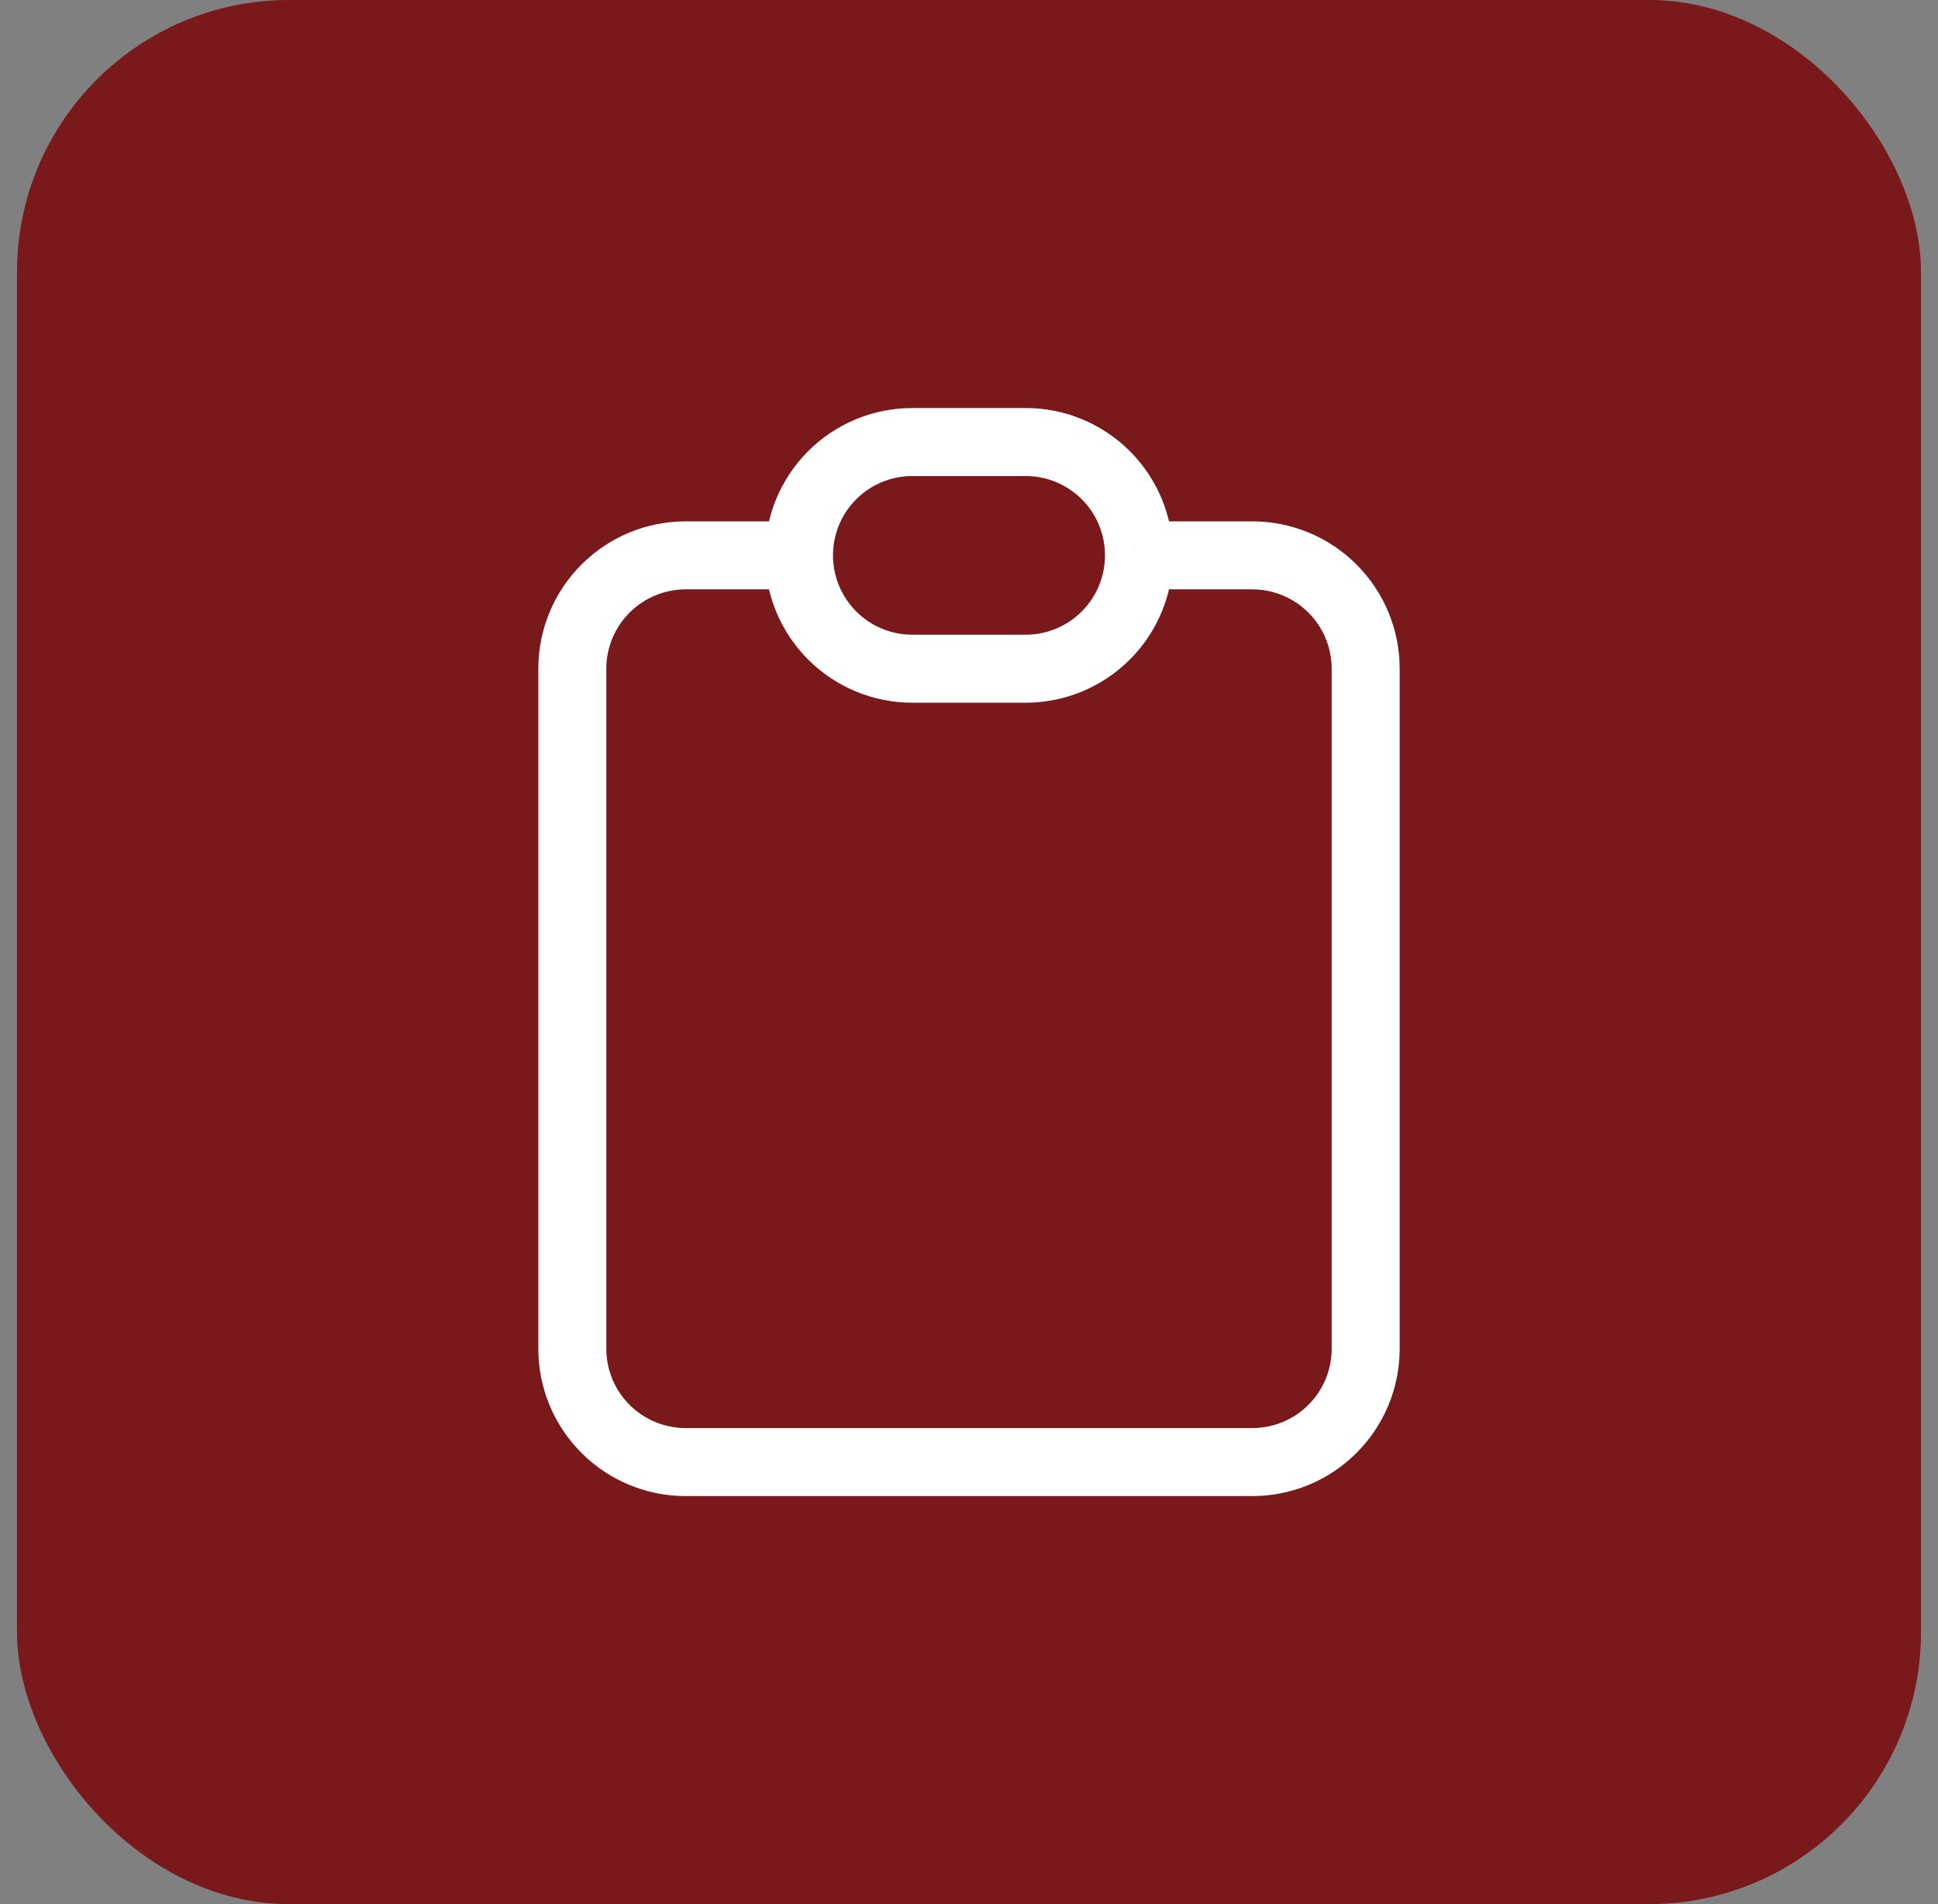 <svg width="57" height="56" viewBox="0 0 57 56" fill="none" xmlns="http://www.w3.org/2000/svg">
<rect x="0" y="0" width="57" height="56" fill="#808080" stroke="none"/>
<rect x="0.5" width="56" height="56" rx="8" fill="#7A191C"/>
<path d="M23.5 16.333H20.167C19.283 16.333 18.435 16.684 17.81 17.31C17.184 17.935 16.833 18.783 16.833 19.667V39.667C16.833 40.551 17.184 41.399 17.81 42.024C18.435 42.649 19.283 43 20.167 43H36.833C37.717 43 38.565 42.649 39.19 42.024C39.816 41.399 40.167 40.551 40.167 39.667V19.667C40.167 18.783 39.816 17.935 39.19 17.31C38.565 16.684 37.717 16.333 36.833 16.333H33.5M23.5 16.333C23.5 17.217 23.851 18.065 24.476 18.69C25.101 19.316 25.949 19.667 26.833 19.667H30.167C31.051 19.667 31.898 19.316 32.524 18.69C33.149 18.065 33.5 17.217 33.5 16.333M23.5 16.333C23.5 15.449 23.851 14.601 24.476 13.976C25.101 13.351 25.949 13 26.833 13H30.167C31.051 13 31.898 13.351 32.524 13.976C33.149 14.601 33.5 15.449 33.5 16.333" stroke="white" stroke-width="2" stroke-linecap="round" stroke-linejoin="round"/>
</svg>

_Action item:_
Without altering anything, output all the lines above but none of the images.

_Completed exercise:_
 <svg width="57" height="56" viewBox="0 0 57 56" fill="none" xmlns="http://www.w3.org/2000/svg">
<rect x="0" y="0" width="57" height="56" fill="#808080" stroke="none"/>
<rect x="0.5" width="56" height="56" rx="8" fill="#7A191C"/>
<path d="M23.5 16.333H20.167C19.283 16.333 18.435 16.684 17.81 17.31C17.184 17.935 16.833 18.783 16.833 19.667V39.667C16.833 40.551 17.184 41.399 17.81 42.024C18.435 42.649 19.283 43 20.167 43H36.833C37.717 43 38.565 42.649 39.19 42.024C39.816 41.399 40.167 40.551 40.167 39.667V19.667C40.167 18.783 39.816 17.935 39.19 17.31C38.565 16.684 37.717 16.333 36.833 16.333H33.5M23.5 16.333C23.5 17.217 23.851 18.065 24.476 18.69C25.101 19.316 25.949 19.667 26.833 19.667H30.167C31.051 19.667 31.898 19.316 32.524 18.69C33.149 18.065 33.5 17.217 33.5 16.333M23.5 16.333C23.5 15.449 23.851 14.601 24.476 13.976C25.101 13.351 25.949 13 26.833 13H30.167C31.051 13 31.898 13.351 32.524 13.976C33.149 14.601 33.5 15.449 33.5 16.333" stroke="white" stroke-width="2" stroke-linecap="round" stroke-linejoin="round"/>
</svg>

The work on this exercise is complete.